If we do abstraction of all the power supplies (that the CR above is for), there are still inconsistencies, but the list is progressively shrinking.
Some are fixed in one of their database, but didn't get reflected in the my.juniper.net portal.
cr2-esams says support missing, while the entitlement tool says support is active
cr3-knams says city missmatch
mr1-esams says missing
many decommissioned devices are still present in my.juniper.net (Maybe we should ignore those?)
many FPCs, MIC, REs, report as "not present in Juniper Installed Base" but some (eg. FPCs) are present in the entitlement tool (because under dedicated warranty)

Once the above CR is merged, I'll send a new "current status" email to Juniper.

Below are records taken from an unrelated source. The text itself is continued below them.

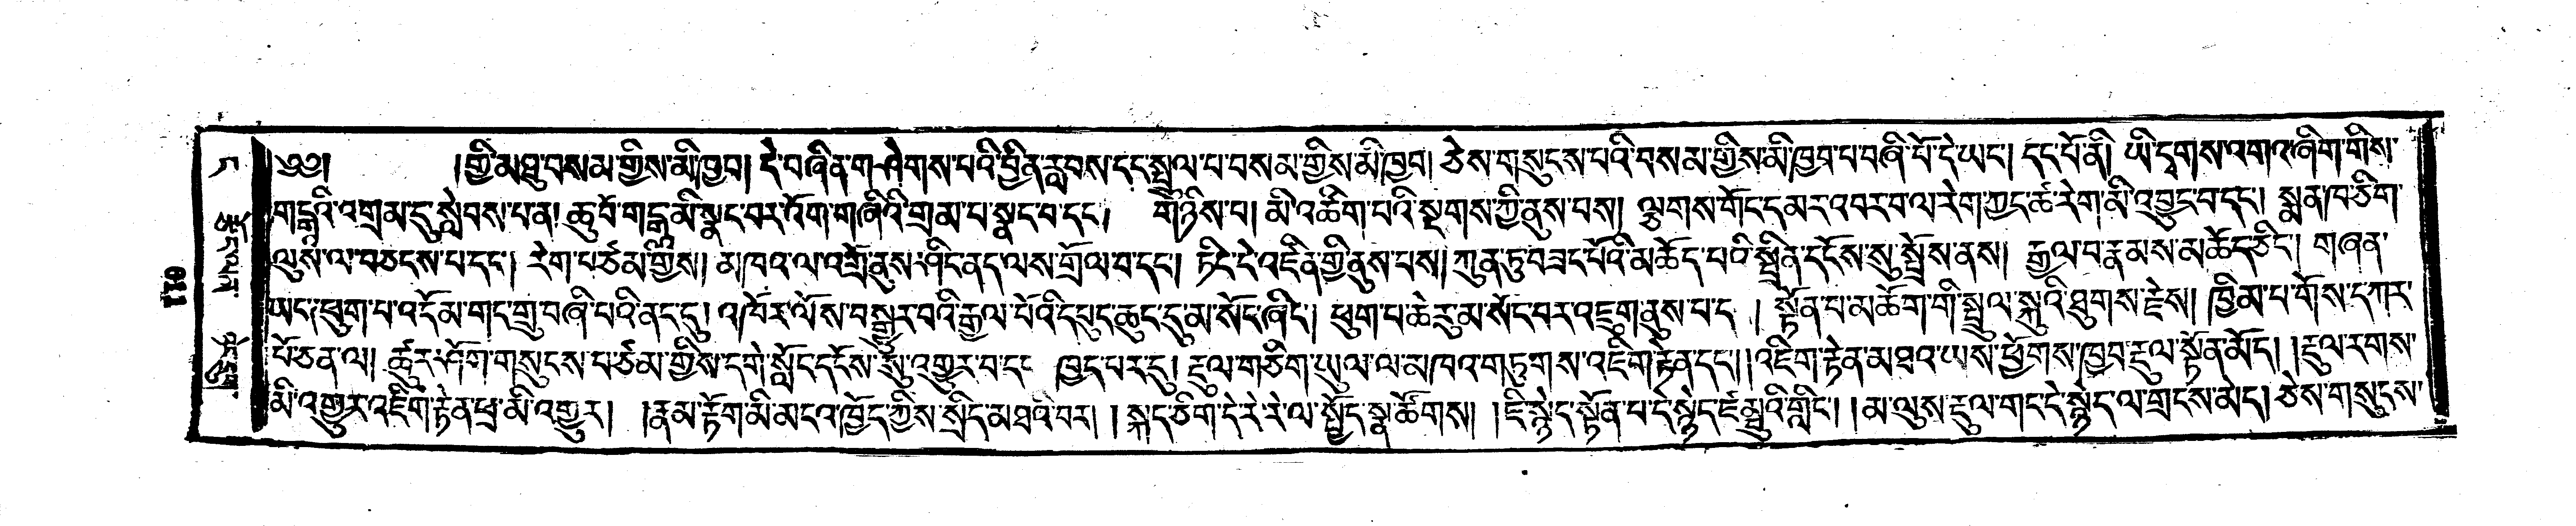༄༅། །གྱི་མཐུ་བསམ་གྱིས་མི་ཁྱབ། དེ་བཞིན་གཤེགས་པའི་བྱིན་རླབས་དང་སྤྲུལ་པ་བསམ་གྱིས་མི་ཁྱབ། ཅེས་གསུངས་པའི་བསམ་གྱིས་མི་ཁྱབ་པ་བཞི་པོ་དེ་ཡང་། དང་པོ་ནི། ཡི་དྭགས་འགའ་ཞིག་གིས་
གངྒཱའི་འགྲམ་དུ་སླེབས་པ་ན། ཆུ་བོ་གངྒཱ་མི་སྣང་བར་འོག་གཞིའི་གྲམ་པ་སྣང་བ་དང་། གཉིས་པ། མི་འཚིག་པའི་སྔགས་ཀྱི་ནུས་པས། ལྕགས་གོང་དམར་འབར་བ་ལ་རེག་ཀྱང་ཚ་རེག་མི་འབྱུང་བ་དང་། སྨན་ཁ་ཅིག་
ལུས་ལ་བཅངས་པ་དང་། རེག་པ་ཙམ་གྱིས། མཁའ་ལ་འགྲོ་ནུས་ཤིང་ནད་ལས་གྲོལ་བ་དང་། ཏིང་ངེ་འཛིན་གྱི་ནུས་པས། ཀུན་ཏུ་བཟང་པོའི་མཆོད་པའི་སྤྲིན་དངོས་སུ་སྤྲོས་ནས། རྒྱལ་བ་རྣམས་མཆོད་ཅིང་། གཞན་
ཡང༑ ཕུག་པ་འདོམ་གང་གྲུ་བཞི་པའི་ནང་དུ། འཁོར་ལོས་བསྒྱུར་བའི་རྒྱལ་པོའི་དཔུང་ཆུང་དུ་མ་སོང་ཞིང་། ཕུག་པ་ཆེ་རུ་མ་སོང་བར་འཇུག་ནུས་པ་དང་། སྟོན་པ་མཆོག་གི་སྤྲུལ་སྐུའི་ཐུགས་རྗེས། ཁྱིམ་པ་གོས་དཀར་
པོ་ཅན་ལ། ཚུར་ཤོག་གསུངས་པ་ཙམ་གྱིས་དགེ་སློང་དངོས་སུ་འགྱུར་བ་དང་། ཁྱད་པར་དུ། རྡུལ་གཅིག་ཡུལ་ལ་མཁའ་གཏུགས་འཇིག་རྟེན་དང་། །འཇིག་རྟེན་མཐའ་ཡས་ཕྱོགས་ཁྱབ་རྡུལ་སྟོན་མོད། །རྡུལ་རགས་
མི་འགྱུར་འཇིག་རྟེན་ཕྲ་མི་འགྱུར། །རྣམ་རྟོག་མི་མངའ་ཁྱོད་ཀྱིས་སྲིད་མཐའི་བར། །སྐད་ཅིག་དེ་རེ་རེ་ལ་སྤྱོད་སྣ་ཚོགས། །ཇི་སྙེད་སྟོན་པ་དེ་སྙེད་ཛམྦུའི་གླིང་། །མ་ལུས་རྡུལ་གང་དེ་སྙེད་ལ་གྲངས་མེད། ཅེས་གསུངས་

Change 566321 abandoned by Ayounsi:
Extend PRODUCT_NAMES_IGNORE

Reason:
moved to netbox-extras

https://gerrit.wikimedia.org/r/566321

Change 566361 had a related patch set uploaded (by Ayounsi; owner: Ayounsi):
[operations/software/netbox-extras@master] Extend PRODUCT_NAMES_IGNORE

https://gerrit.wikimedia.org/r/566361

Change 566361 merged by Ayounsi:
[operations/software/netbox-extras@master] Extend PRODUCT_NAMES_IGNORE

https://gerrit.wikimedia.org/r/566361

Change 574425 had a related patch set uploaded (by Ayounsi; owner: Ayounsi):
[operations/software/netbox-extras@master] Juniper report: only log warning if S/N missing from Netbox

https://gerrit.wikimedia.org/r/574425

From JTAC:

To answer your question “For the list of devices/serials that are decommissioned and we don't own anymore, is there a process so they don't show up in that export anymore?”
I can move them to any other account ID (like for instance a Juniper account ID or a Scrap account id), however, regardless if they are decommissioned they are yours/customer’s still, right?
But reading your comment, you/customer do not own them anymore. Can you clarify that? They were owner and have res-old them?

@wiki_willy: Here we're talking to Juniper devices that are not in Netbox anymore. Is the last statement from Juniper correct? "They were owner and have re-sold them?"

I can provide a list of sold network gear from before 2017, otherwise all network gear is still in our sites in storage, even decom gear.

I'm not exactly sure what is being asked for here, please ping me on irc and we can live chat about it!

Change 574425 merged by Ayounsi:
[operations/software/netbox-extras@master] Juniper report: only log warning if S/N missing from Netbox

https://gerrit.wikimedia.org/r/574425

Ok! From https://wikitech.wikimedia.org/wiki/Server_Lifecycle#States I thought that if a device was not in netbox it was not in our possession anymore.
So I'm making them warnings and not criticals so we're aware of them but not blocking a green report.

The "last" thing are FRUs (linecards, REs, etc...) they do show up on the my.juniper.net portal if searched individually, but don't show up in the full export... Juniper is working on it.

Ok! From https://wikitech.wikimedia.org/wiki/Server_Lifecycle#States I thought that if a device was not in netbox it was not in our possession anymore.

That should actually be true - if that's not the case here, it's probably a premature removal. What's done is done now I suppose, but don't assume that's going to happen again in the future and build our tooling around that; it shouldn't.

So I have another task nearly identical to this, T266053. However it is just for active/planned/inventory gear and correcting their locations now that the most recent renewal is completed. This task seems to have shifted towards the monitoring, and also was for corrections done back in 2019, so I've not closed T266053.

Aklapper removed RobH as the assignee of this task.Jul 2 2021, 5:14 AM

Removing task assignee due to inactivity, as this open task has been assigned for more than two years (see emails sent to assignee on May26 and Jun17, and T270544). Please assign this task to yourself again if you still realistically [plan to] work on this task - it would be very welcome!

(See https://www.mediawiki.org/wiki/Bug_management/Assignee_cleanup for tips how to best manage your individual work in Phabricator.)

ayounsi assigned this task to RobH.

I think we can close that one. @RobH did the audit afaik.